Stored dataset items
++++++

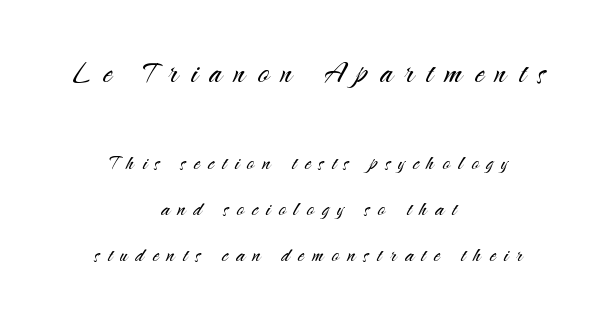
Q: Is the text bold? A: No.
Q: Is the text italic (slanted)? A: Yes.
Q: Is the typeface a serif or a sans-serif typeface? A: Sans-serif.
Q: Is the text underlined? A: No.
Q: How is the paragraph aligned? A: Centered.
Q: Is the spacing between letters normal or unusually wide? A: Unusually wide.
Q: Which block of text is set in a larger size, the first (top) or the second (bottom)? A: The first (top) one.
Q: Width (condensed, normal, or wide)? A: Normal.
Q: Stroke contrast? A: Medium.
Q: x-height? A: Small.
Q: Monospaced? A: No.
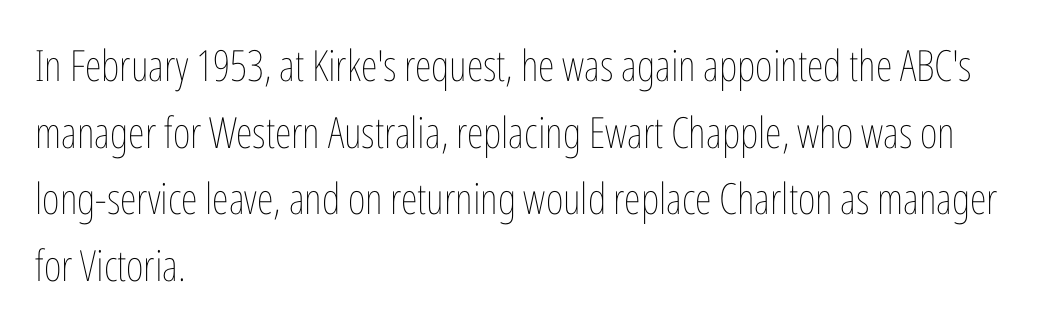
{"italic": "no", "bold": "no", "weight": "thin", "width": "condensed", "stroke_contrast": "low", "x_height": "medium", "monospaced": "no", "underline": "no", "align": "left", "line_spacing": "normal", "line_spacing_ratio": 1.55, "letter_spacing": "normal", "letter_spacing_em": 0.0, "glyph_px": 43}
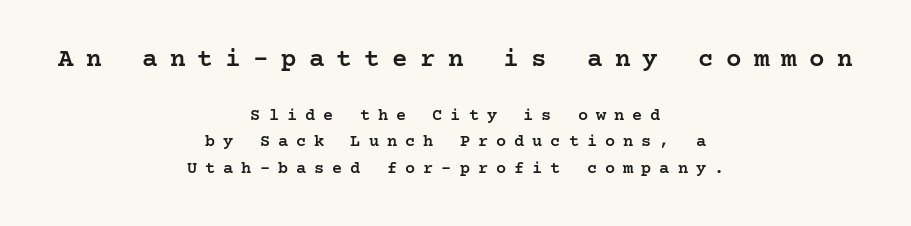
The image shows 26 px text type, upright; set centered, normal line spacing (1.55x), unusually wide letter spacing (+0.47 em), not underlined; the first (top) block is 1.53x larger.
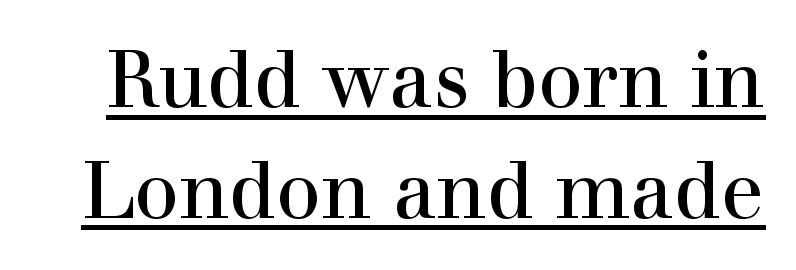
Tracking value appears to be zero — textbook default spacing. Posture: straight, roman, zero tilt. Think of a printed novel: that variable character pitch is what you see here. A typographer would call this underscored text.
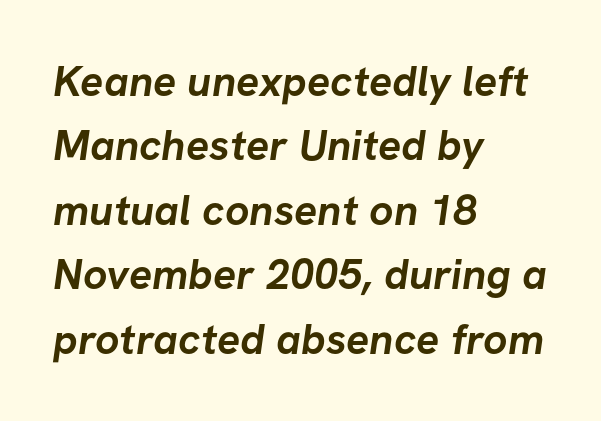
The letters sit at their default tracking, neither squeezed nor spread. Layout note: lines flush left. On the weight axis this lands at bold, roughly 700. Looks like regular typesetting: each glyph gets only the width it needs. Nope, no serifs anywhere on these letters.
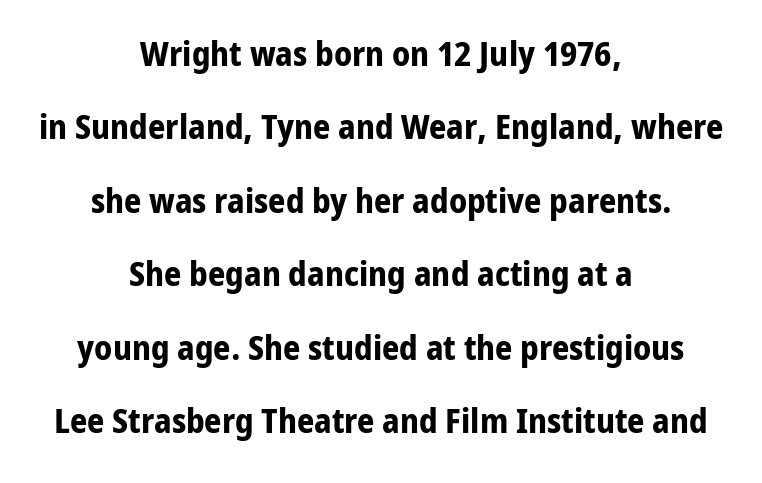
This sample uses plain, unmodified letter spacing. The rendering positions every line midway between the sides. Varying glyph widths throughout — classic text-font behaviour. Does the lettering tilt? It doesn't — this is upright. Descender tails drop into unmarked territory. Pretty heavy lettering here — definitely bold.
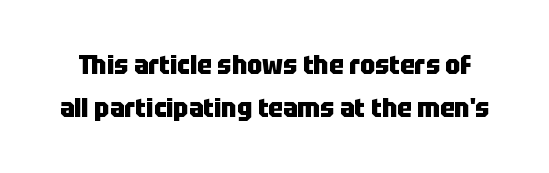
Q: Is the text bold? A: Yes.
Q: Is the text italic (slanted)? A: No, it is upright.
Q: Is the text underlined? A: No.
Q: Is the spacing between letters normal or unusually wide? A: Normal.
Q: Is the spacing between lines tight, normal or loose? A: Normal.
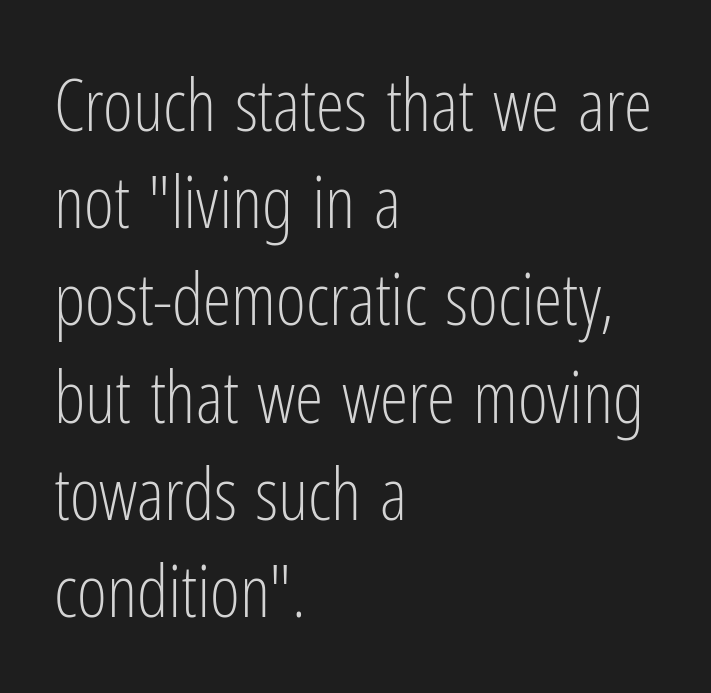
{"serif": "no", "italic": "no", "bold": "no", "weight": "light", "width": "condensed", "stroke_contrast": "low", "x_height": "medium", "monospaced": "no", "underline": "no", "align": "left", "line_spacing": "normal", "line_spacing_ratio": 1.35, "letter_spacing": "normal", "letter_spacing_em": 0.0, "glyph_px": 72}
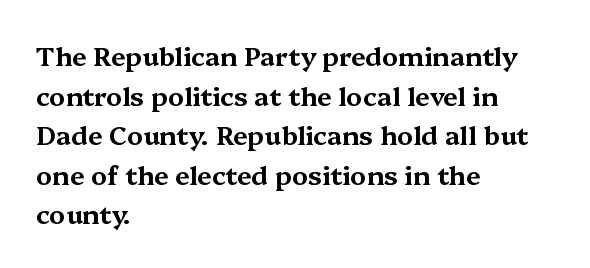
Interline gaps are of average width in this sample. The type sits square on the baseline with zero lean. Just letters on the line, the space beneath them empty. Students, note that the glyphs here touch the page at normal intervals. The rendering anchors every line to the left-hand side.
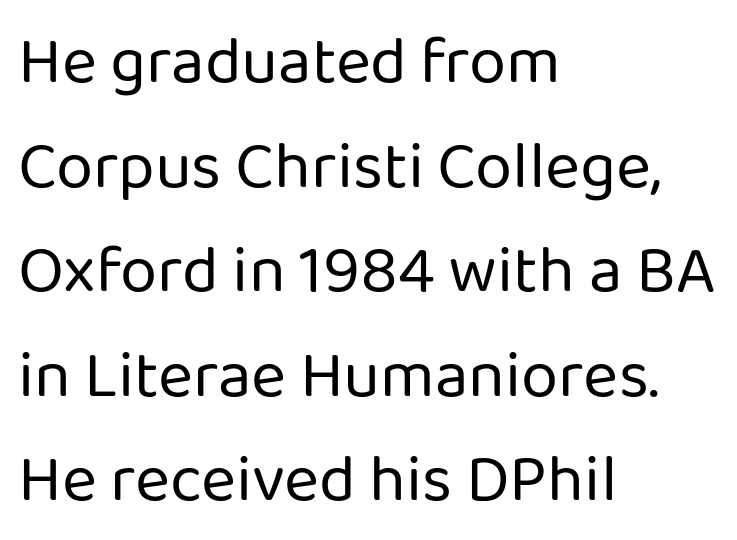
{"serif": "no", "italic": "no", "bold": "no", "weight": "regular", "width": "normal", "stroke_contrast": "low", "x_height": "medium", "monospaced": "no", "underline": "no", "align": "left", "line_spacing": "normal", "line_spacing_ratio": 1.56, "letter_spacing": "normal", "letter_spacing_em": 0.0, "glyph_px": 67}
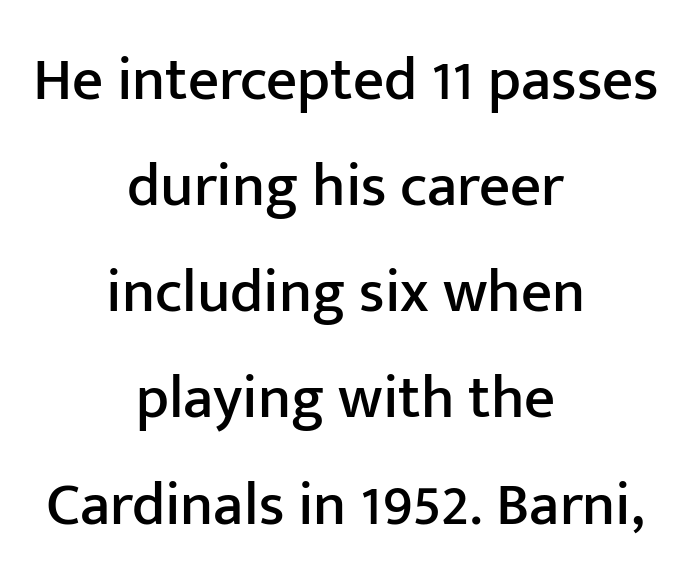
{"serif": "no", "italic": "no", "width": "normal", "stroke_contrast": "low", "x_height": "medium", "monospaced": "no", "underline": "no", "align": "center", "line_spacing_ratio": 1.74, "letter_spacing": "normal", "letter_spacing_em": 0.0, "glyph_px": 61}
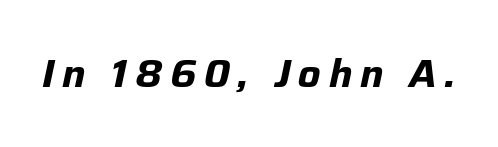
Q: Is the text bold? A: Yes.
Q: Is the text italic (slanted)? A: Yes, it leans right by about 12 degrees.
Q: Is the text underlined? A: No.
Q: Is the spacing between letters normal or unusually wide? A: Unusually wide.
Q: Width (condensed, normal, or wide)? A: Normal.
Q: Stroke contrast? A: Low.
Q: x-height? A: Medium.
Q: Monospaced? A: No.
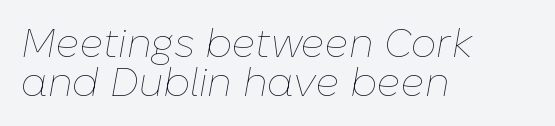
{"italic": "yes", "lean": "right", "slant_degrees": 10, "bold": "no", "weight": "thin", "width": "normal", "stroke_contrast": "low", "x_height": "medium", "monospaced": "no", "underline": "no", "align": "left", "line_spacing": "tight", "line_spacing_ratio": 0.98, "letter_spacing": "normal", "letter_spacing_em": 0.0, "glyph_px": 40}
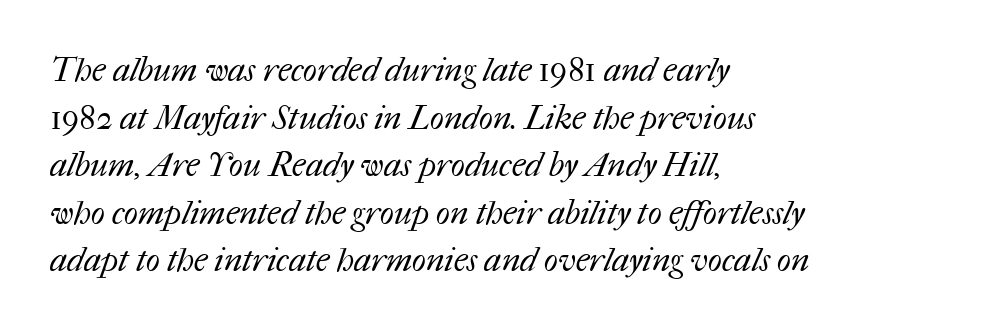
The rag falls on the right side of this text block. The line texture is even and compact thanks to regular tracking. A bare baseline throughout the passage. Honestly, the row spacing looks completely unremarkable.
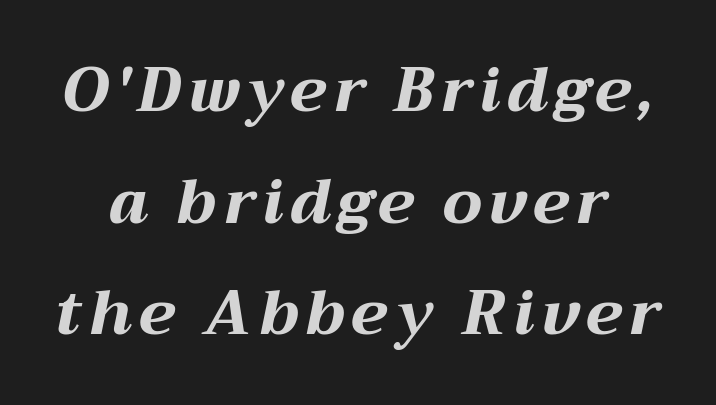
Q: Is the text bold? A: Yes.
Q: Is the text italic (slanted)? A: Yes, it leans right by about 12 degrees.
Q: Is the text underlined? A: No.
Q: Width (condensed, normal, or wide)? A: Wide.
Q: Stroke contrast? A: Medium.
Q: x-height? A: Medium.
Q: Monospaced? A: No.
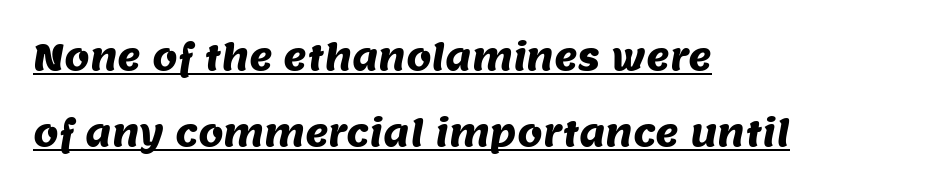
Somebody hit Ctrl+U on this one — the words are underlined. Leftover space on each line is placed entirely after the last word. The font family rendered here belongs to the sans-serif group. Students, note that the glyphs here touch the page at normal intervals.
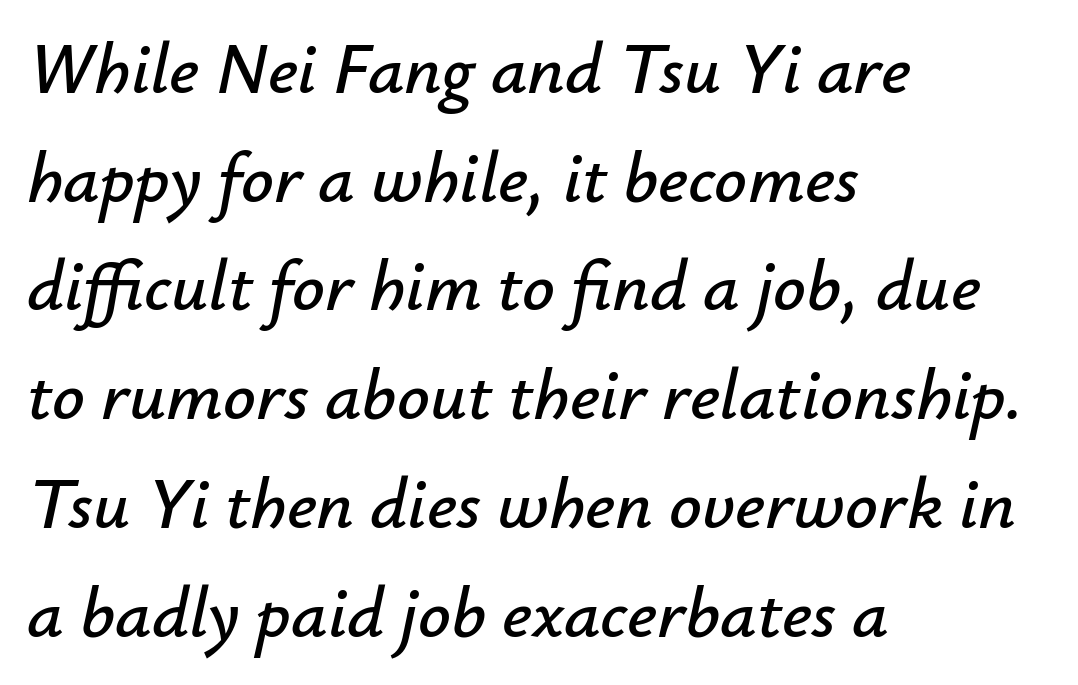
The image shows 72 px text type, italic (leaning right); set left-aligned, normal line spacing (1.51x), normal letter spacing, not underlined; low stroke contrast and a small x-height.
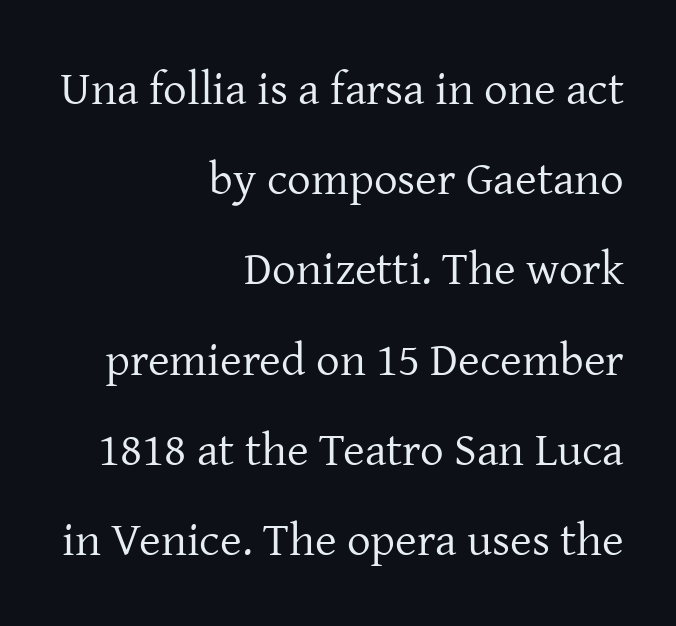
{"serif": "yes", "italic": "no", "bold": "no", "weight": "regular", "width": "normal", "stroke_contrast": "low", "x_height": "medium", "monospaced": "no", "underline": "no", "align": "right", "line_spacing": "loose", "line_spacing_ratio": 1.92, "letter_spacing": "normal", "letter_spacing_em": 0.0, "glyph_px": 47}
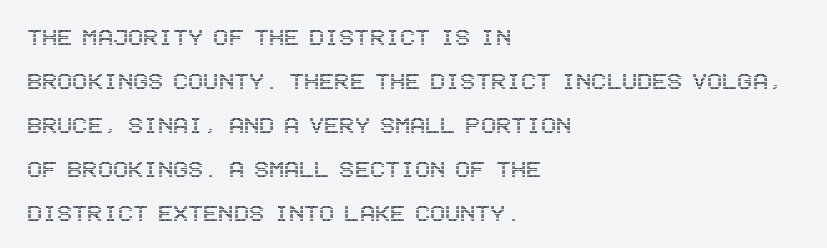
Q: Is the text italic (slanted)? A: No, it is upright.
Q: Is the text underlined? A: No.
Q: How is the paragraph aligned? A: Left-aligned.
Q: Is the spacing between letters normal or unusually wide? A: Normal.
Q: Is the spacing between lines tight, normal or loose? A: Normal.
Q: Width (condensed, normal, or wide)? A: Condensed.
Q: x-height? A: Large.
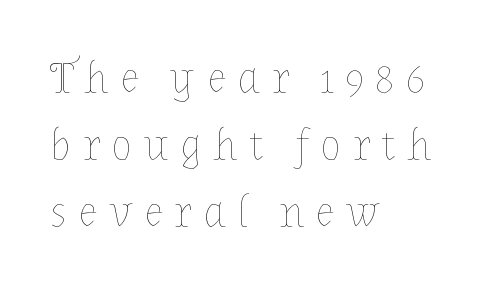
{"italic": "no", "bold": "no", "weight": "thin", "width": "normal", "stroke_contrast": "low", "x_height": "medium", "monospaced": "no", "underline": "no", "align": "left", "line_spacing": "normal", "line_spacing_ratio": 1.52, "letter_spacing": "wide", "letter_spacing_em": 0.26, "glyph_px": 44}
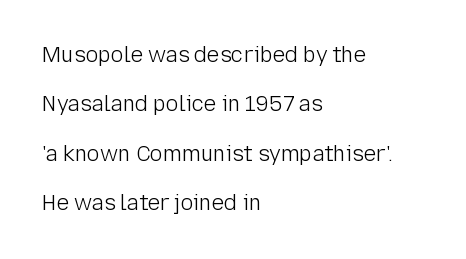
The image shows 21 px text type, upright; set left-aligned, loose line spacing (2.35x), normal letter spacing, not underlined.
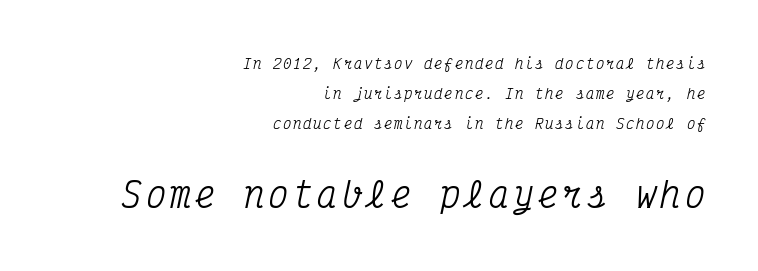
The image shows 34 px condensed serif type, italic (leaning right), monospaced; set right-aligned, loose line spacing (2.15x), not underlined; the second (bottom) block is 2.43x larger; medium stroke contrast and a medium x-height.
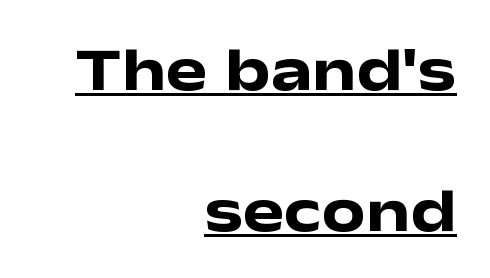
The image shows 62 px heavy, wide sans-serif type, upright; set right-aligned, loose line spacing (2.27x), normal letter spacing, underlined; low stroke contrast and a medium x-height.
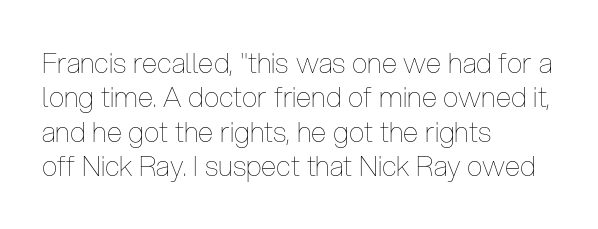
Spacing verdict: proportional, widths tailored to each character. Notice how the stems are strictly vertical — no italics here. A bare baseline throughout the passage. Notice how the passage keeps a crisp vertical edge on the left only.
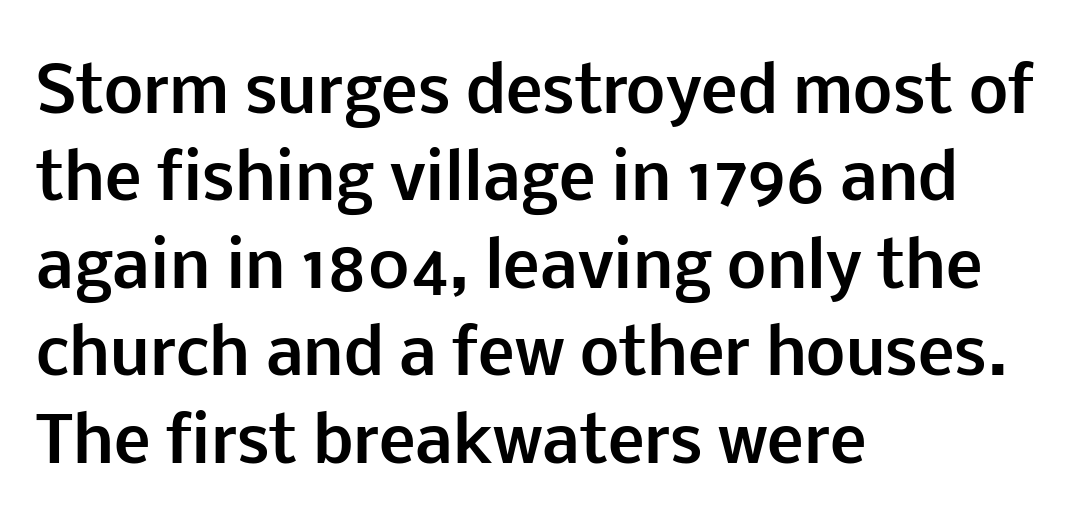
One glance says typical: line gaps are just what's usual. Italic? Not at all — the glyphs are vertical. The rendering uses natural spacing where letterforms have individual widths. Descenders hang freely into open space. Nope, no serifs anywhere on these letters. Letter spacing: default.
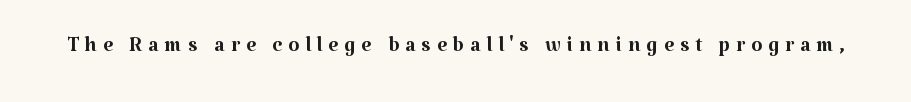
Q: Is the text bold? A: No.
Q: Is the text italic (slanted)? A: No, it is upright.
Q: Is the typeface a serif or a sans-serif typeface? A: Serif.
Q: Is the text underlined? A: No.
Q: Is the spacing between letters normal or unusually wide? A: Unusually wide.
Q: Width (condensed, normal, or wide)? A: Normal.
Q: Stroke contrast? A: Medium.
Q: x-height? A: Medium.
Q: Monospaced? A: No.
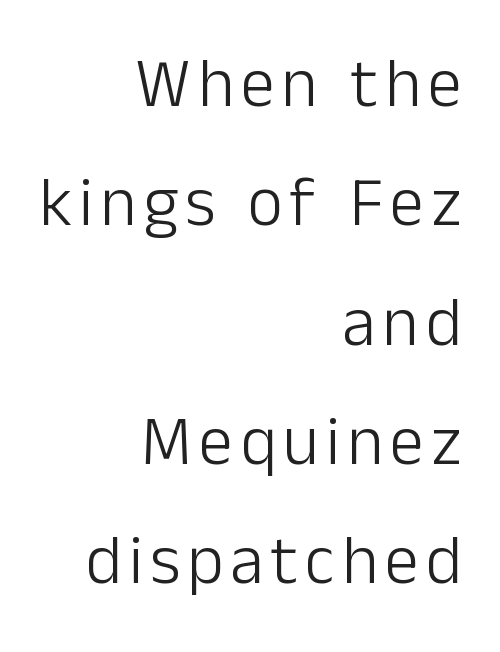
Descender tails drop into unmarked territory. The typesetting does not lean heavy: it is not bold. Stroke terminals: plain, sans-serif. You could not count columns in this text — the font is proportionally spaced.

++++++

* [Aim of the task] Once you have counted the lines above that contain "intervals", give that number alone.

* [Task result] 2